_Exercise instructions_: Before you reproduce the entries that follow, strip out any image they contain and keep the rest exact.

[Records from a dataset]
○ ○ ○ ○
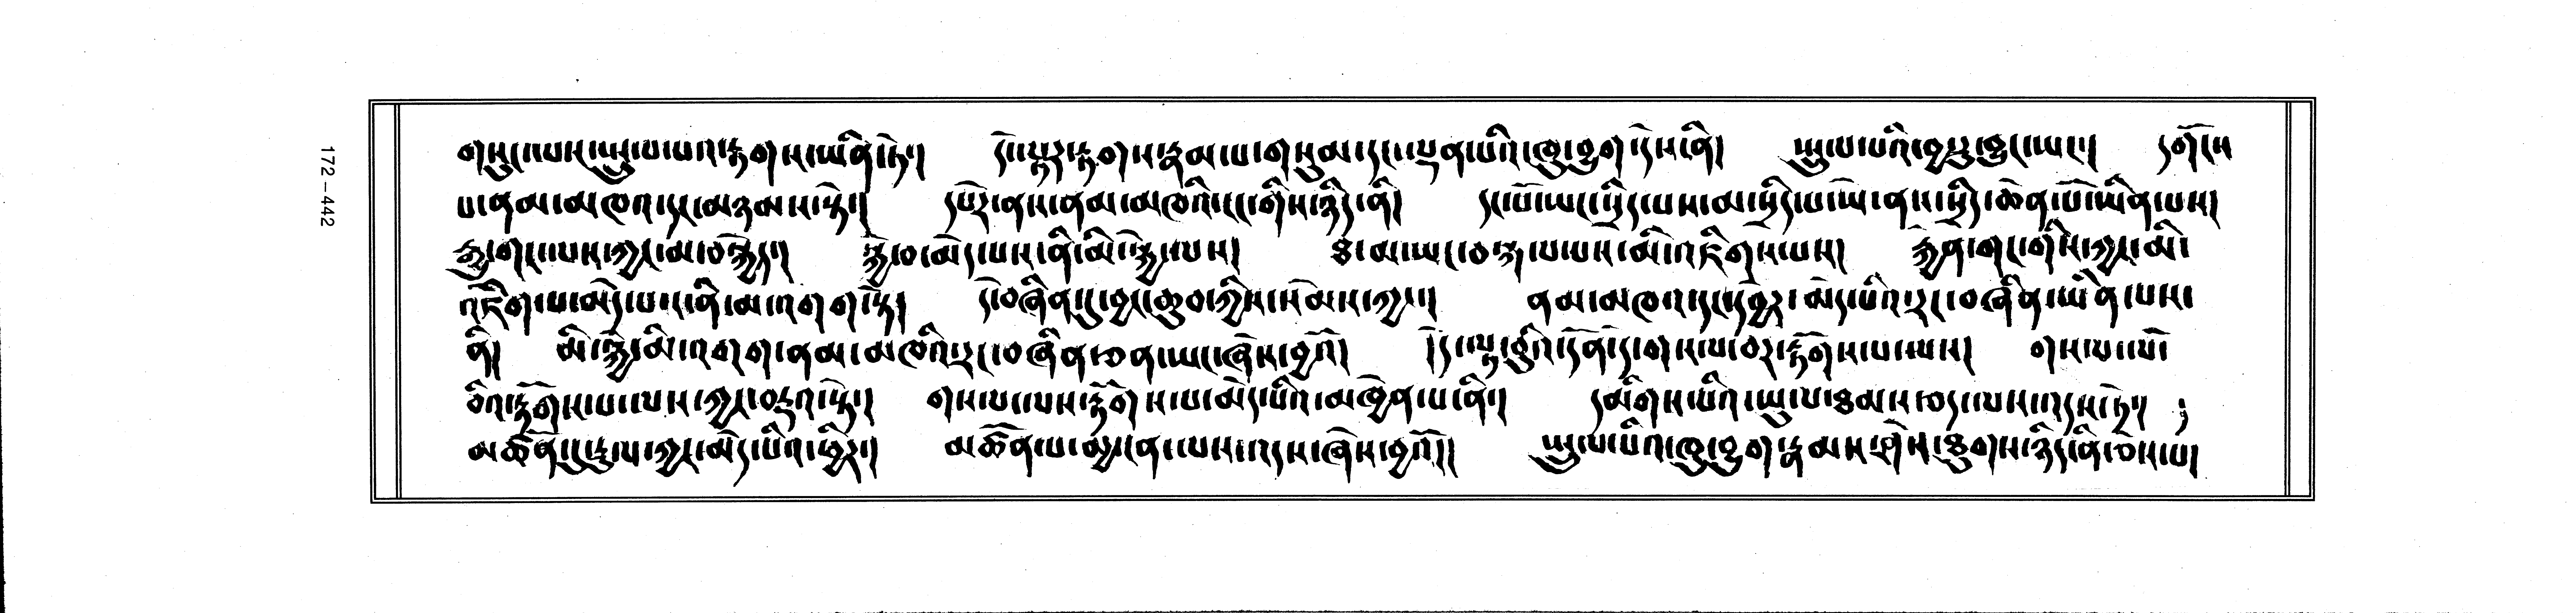གསུང་ལས་སྤྲུལ་པའི་རྟགས་ཡིན་ཏེ། དེ་ལྟར་རྟགས་རྣམ་པ་གསུམ་དང་ལྡན་པའི་ཁུ་བྱུག་དེས་ནི། སྤྲུལ་པའི་བྱ་རུ་བྱུང་ཡང་། དགོངས་
པ་ནམ་མཁའ་དང་མཉམ་སྟེ། དཔེར་ནས་ནམ་མཁའི་ངང་གིས་ཉིད་ནི། དང་པོ་ཡང་སྲིད་པས་མི་སྲིད་པ་ཡེ་ནས་སྲིད་ཆེན་པོ་ཡིན་པས། 
རྒྱུ་གང་ལས་ཀྱང་མ་བསྐྱེད། སྐྱེ་བ་མེད་པས་ནི་མི་སྐྱེ་ལས། ཐ་མ་ཡང་བསྐལ་པས་མི་འཇིག་པས། རྐྱེན་གང་གིས་ཀྱང་མི་
འཇིག་པ་མེད་པས་ནི་མ་འགག་སྟེ། དེ་བཞིན་དུ་བྱང་ཆུབ་ཀྱིས་སེམས་ཀྱང་། ནམ་མཁའ་དང་དབྱེར་མེད་པའི་རང་བཞིན་ཡིན་པས་
ནི། མི་སྐྱེ་མི་འགག་ནམ་མཁའི་རང་བཞིན་ཅན་ཡང་ཞེས་བྱའོ། དེ་ལྟ་བུའི་དོན་དེ་གསལ་བར་རྟོགས་པ་ལས། གསལ་ལོ་
བའི་རྟོགས་པ་ལས་ཀྱང་བརྡའ་སྟེ། གསལ་ལས་རྟོགས་པ་མེད་པའི་མཁྱེན་པ་ནི། དམིགས་པའི་ཡུལ་ཐམས་ཅད་ལས་འདས་ཏེ། 
མཚོན་དུ་རྡུལ་ཀྱང་མེད་པའི་ཕྱིར། མཚོན་པ་མྱ་ངན་ལས་འདས་ཞེས་བྱའོ། སྤྲུལ་པའི་ཁུ་བྱུག་རྣམ་ཤེས་ཐུགས་ཉིད་ནི་ཅེས་པ།
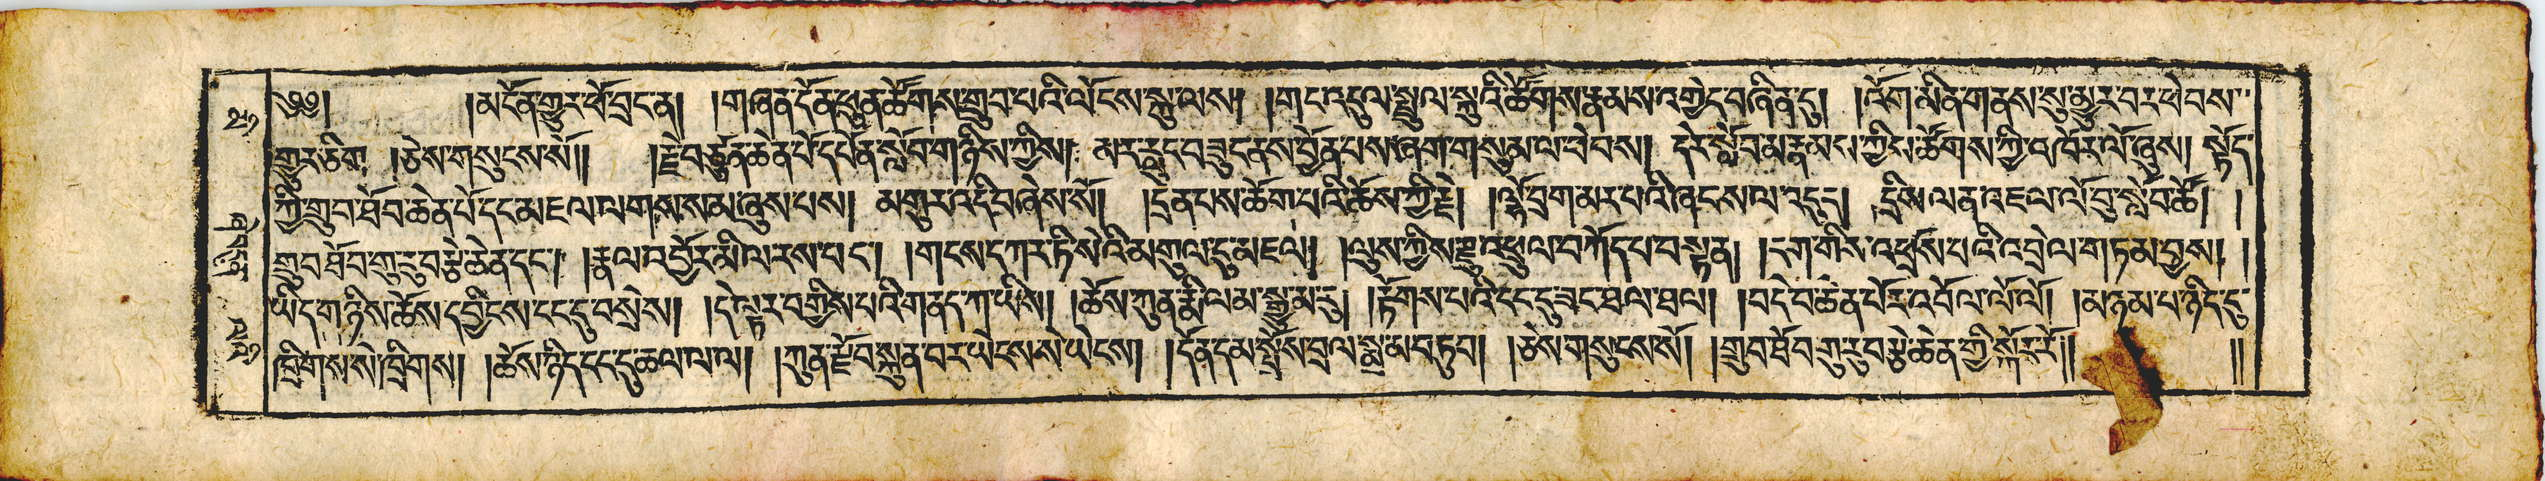མངོན་གྱུར་ཕོ་བྲང་ན། །གཞན་དོན་ཕུན་ཚོགས་གྲུབ་པའི་ལོངས་སྐུ་ལས། །གང་འདུལ་སྤྲུལ་སྐུའི་ཚོགས་རྣམས་འགྱེད་བཞིན་དུ། །འོག་མིན་གནས་སུ་མྱུར་བར་ཕེབས་
གྱུར་ཅིག །ཅེས་གསུངས་སོ།། །།རྗེ་བཙུན་ཆེན་པོ་དཔོན་སློབ་གཉིས་ཀྱིས། མར་རླུང་བཟུང་ནས་བྱོན་པས་ཞག་གསུམ་ལ་ཕེབས། དེར་སློབ་མ་རྣམས་ཀྱང་ཚོགས་ཀྱི་འཁོར་ལོ་ཞུས། སྟོད་
ཀྱི་གྲུབ་ཐོབ་ཆེན་པོ་དང་མཇལ་ལགས་སམ་ཞུས་པས། མགུར་འདི་བཞེས་སོ། །དྲན་པས་ཆོག་པའི་ཆོས་ཀྱི་རྗེ། །ལྷོ་བྲག་མར་པའི་ཞབས་ལ་འདུད། དྲིས་ལན་འཇལ་ལོ་བུ་སློབ་ཚོ། །
གྲུབ་ཐོབ་གུ་རུ་བརྩེ་ཆེན་དང་། །རྣལ་འབྱོར་མིལ་རས་པ་ང་། །གངས་དཀར་ཏི་སེའི་མགུལ་དུ་མཇལ། །ལུས་ཀྱིས་རྫུ་འཕྲུལ་བཀོད་པ་བསྟན། །ངག་གིས་འཕྲོས་པའི་འབྲེལ་གཏམ་བྱས། །
ཡིད་གཉིས་ཆོས་དབྱིངས་ངང་དུ་བསྲེས། །དེ་ལྟར་བགྱིས་པའི་གནད་ཀ་ཡིས། །ཆོས་ཀུན་རྨི་ལམ་སྒྱུ་མ་རུ། །རྟོགས་པའི་ངང་དུ་ཟང་ཐལ་ཐལ། །བདེ་བ་ཆེན་པོར་འབོལ་ལོ་ལོ། །མཉམ་པ་ཉིད་དུ་
ཁྲིགས་སེ་ཁྲིགས། །ཆོས་ཉིད་ངང་དུ་ཆལ་ལ་ལ། །ཀུན་རྫོབ་སྐྲུན་བར་ཡེངས་སེ་ཡེངས། །དོན་དམ་སྤྲོས་བྲལ་སྨྲ་མ་བཏུབ། །ཅེས་གསུངས་སོ། །གྲུབ་ཐོབ་གུ་རུ་བརྩེ་་ཆེན་གྱི་སྐོར་རོ།། །།
○ ○ ○ ○
_Task result_:
གསུང་ལས་སྤྲུལ་པའི་རྟགས་ཡིན་ཏེ། དེ་ལྟར་རྟགས་རྣམ་པ་གསུམ་དང་ལྡན་པའི་ཁུ་བྱུག་དེས་ནི། སྤྲུལ་པའི་བྱ་རུ་བྱུང་ཡང་། དགོངས་
པ་ནམ་མཁའ་དང་མཉམ་སྟེ། དཔེར་ནས་ནམ་མཁའི་ངང་གིས་ཉིད་ནི། དང་པོ་ཡང་སྲིད་པས་མི་སྲིད་པ་ཡེ་ནས་སྲིད་ཆེན་པོ་ཡིན་པས། 
རྒྱུ་གང་ལས་ཀྱང་མ་བསྐྱེད། སྐྱེ་བ་མེད་པས་ནི་མི་སྐྱེ་ལས། ཐ་མ་ཡང་བསྐལ་པས་མི་འཇིག་པས། རྐྱེན་གང་གིས་ཀྱང་མི་
འཇིག་པ་མེད་པས་ནི་མ་འགག་སྟེ། དེ་བཞིན་དུ་བྱང་ཆུབ་ཀྱིས་སེམས་ཀྱང་། ནམ་མཁའ་དང་དབྱེར་མེད་པའི་རང་བཞིན་ཡིན་པས་
ནི། མི་སྐྱེ་མི་འགག་ནམ་མཁའི་རང་བཞིན་ཅན་ཡང་ཞེས་བྱའོ། དེ་ལྟ་བུའི་དོན་དེ་གསལ་བར་རྟོགས་པ་ལས། གསལ་ལོ་
བའི་རྟོགས་པ་ལས་ཀྱང་བརྡའ་སྟེ། གསལ་ལས་རྟོགས་པ་མེད་པའི་མཁྱེན་པ་ནི། དམིགས་པའི་ཡུལ་ཐམས་ཅད་ལས་འདས་ཏེ། 
མཚོན་དུ་རྡུལ་ཀྱང་མེད་པའི་ཕྱིར། མཚོན་པ་མྱ་ངན་ལས་འདས་ཞེས་བྱའོ། སྤྲུལ་པའི་ཁུ་བྱུག་རྣམ་ཤེས་ཐུགས་ཉིད་ནི་ཅེས་པ།
མངོན་གྱུར་ཕོ་བྲང་ན། །གཞན་དོན་ཕུན་ཚོགས་གྲུབ་པའི་ལོངས་སྐུ་ལས། །གང་འདུལ་སྤྲུལ་སྐུའི་ཚོགས་རྣམས་འགྱེད་བཞིན་དུ། །འོག་མིན་གནས་སུ་མྱུར་བར་ཕེབས་
གྱུར་ཅིག །ཅེས་གསུངས་སོ།། །།རྗེ་བཙུན་ཆེན་པོ་དཔོན་སློབ་གཉིས་ཀྱིས། མར་རླུང་བཟུང་ནས་བྱོན་པས་ཞག་གསུམ་ལ་ཕེབས། དེར་སློབ་མ་རྣམས་ཀྱང་ཚོགས་ཀྱི་འཁོར་ལོ་ཞུས། སྟོད་
ཀྱི་གྲུབ་ཐོབ་ཆེན་པོ་དང་མཇལ་ལགས་སམ་ཞུས་པས། མགུར་འདི་བཞེས་སོ། །དྲན་པས་ཆོག་པའི་ཆོས་ཀྱི་རྗེ། །ལྷོ་བྲག་མར་པའི་ཞབས་ལ་འདུད། དྲིས་ལན་འཇལ་ལོ་བུ་སློབ་ཚོ། །
གྲུབ་ཐོབ་གུ་རུ་བརྩེ་ཆེན་དང་། །རྣལ་འབྱོར་མིལ་རས་པ་ང་། །གངས་དཀར་ཏི་སེའི་མགུལ་དུ་མཇལ། །ལུས་ཀྱིས་རྫུ་འཕྲུལ་བཀོད་པ་བསྟན། །ངག་གིས་འཕྲོས་པའི་འབྲེལ་གཏམ་བྱས། །
ཡིད་གཉིས་ཆོས་དབྱིངས་ངང་དུ་བསྲེས། །དེ་ལྟར་བགྱིས་པའི་གནད་ཀ་ཡིས། །ཆོས་ཀུན་རྨི་ལམ་སྒྱུ་མ་རུ། །རྟོགས་པའི་ངང་དུ་ཟང་ཐལ་ཐལ། །བདེ་བ་ཆེན་པོར་འབོལ་ལོ་ལོ། །མཉམ་པ་ཉིད་དུ་
ཁྲིགས་སེ་ཁྲིགས། །ཆོས་ཉིད་ངང་དུ་ཆལ་ལ་ལ། །ཀུན་རྫོབ་སྐྲུན་བར་ཡེངས་སེ་ཡེངས། །དོན་དམ་སྤྲོས་བྲལ་སྨྲ་མ་བཏུབ། །ཅེས་གསུངས་སོ། །གྲུབ་ཐོབ་གུ་རུ་བརྩེ་་ཆེན་གྱི་སྐོར་རོ།། །།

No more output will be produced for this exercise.